John Murray and the Covenant of Works (4 of 4)

John Murray and the Covenant of Works (4 of 4)

Part 1  Part 2  Part 3

In this final post I want to say something else in defense of John Murray’s orthodoxy in spite of his hesitation over the terminology “Covenant of Works” and preference for the terminology “Adamic Administration.” So …

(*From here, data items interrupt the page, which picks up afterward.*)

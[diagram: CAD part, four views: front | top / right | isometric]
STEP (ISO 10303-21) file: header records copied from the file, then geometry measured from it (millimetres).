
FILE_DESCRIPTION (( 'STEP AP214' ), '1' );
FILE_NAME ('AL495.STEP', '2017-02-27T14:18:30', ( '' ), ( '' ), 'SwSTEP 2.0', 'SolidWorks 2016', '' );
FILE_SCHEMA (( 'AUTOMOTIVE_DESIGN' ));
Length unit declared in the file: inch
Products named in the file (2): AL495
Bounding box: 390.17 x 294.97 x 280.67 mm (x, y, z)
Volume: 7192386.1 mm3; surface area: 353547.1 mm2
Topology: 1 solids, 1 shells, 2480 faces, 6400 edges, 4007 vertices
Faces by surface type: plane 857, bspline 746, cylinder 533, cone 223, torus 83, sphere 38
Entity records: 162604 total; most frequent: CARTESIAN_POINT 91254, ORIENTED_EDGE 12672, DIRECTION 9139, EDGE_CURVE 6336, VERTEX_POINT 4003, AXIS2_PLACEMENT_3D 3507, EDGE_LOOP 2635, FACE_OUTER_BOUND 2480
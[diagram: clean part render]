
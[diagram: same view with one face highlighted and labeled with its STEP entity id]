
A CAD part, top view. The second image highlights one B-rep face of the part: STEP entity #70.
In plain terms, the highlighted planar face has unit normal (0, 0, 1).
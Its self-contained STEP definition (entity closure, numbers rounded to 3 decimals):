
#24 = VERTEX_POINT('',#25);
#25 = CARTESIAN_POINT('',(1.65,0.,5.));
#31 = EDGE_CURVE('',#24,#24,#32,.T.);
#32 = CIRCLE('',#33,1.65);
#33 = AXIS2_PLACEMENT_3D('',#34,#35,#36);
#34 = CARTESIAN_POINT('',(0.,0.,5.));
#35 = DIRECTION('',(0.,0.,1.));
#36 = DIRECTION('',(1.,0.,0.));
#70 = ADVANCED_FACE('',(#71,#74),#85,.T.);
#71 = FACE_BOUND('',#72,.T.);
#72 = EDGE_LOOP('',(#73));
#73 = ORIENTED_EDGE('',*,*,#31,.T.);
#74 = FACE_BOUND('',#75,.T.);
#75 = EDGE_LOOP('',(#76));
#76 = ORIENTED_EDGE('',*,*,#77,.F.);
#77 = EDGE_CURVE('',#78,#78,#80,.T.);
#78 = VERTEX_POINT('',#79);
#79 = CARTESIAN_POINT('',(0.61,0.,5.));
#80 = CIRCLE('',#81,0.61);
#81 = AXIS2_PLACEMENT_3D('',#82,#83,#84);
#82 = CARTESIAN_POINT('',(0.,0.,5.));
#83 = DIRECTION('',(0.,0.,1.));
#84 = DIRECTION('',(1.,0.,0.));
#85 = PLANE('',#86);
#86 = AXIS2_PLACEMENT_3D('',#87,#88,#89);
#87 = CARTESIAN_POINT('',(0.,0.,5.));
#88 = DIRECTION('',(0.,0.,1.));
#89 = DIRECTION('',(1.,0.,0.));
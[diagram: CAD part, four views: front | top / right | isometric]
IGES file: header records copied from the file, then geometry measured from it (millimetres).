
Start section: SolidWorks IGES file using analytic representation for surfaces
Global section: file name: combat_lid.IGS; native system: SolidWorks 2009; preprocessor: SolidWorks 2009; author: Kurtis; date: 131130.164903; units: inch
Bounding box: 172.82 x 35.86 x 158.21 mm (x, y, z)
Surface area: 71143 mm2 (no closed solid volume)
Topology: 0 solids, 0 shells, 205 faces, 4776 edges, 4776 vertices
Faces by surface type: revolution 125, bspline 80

John Murray was not led into error or heterodox views of justification by his hesitations over the terminology, Covenant of Works.  I have already pointed out that John Murray clearly taught in contradistinction to those with whom he is sometimes associated double imputation and the distinction between the active and passive obedience of Christ.[1]  But perhaps no doctrine is more often undermined in the departures from justification sola fide in modern evangelicalism than the doctrine of the traditional meaning of faith alone.  There is the constant tendency to define the exercise of justifying faith as including the faithfulness of obedience to God’s command and including this faithfulness in the quality by which it justifies.  In Redemption: Accomplished and Applied Murray begins by affirming that “In faith we receive and rest upon Christ alone for salvation.”[2] He goes on to define such faith in a perfectly traditional way as knowledge (notitia), conviction (assensus), and trust (fiducia).[3]  He concludes: “It is to be remembered that the efficacy of faith does not reside in itself.  Faith is not something that merits the favour of God.  All the efficacy of faith unto salvation resides in the Saviour.  As one has aptly and truly stated the case, it is not faith that saves but faith in Jesus Christ; strictly speaking, it is not even faith in Christ that saves but Christ that saves through faith.”[4]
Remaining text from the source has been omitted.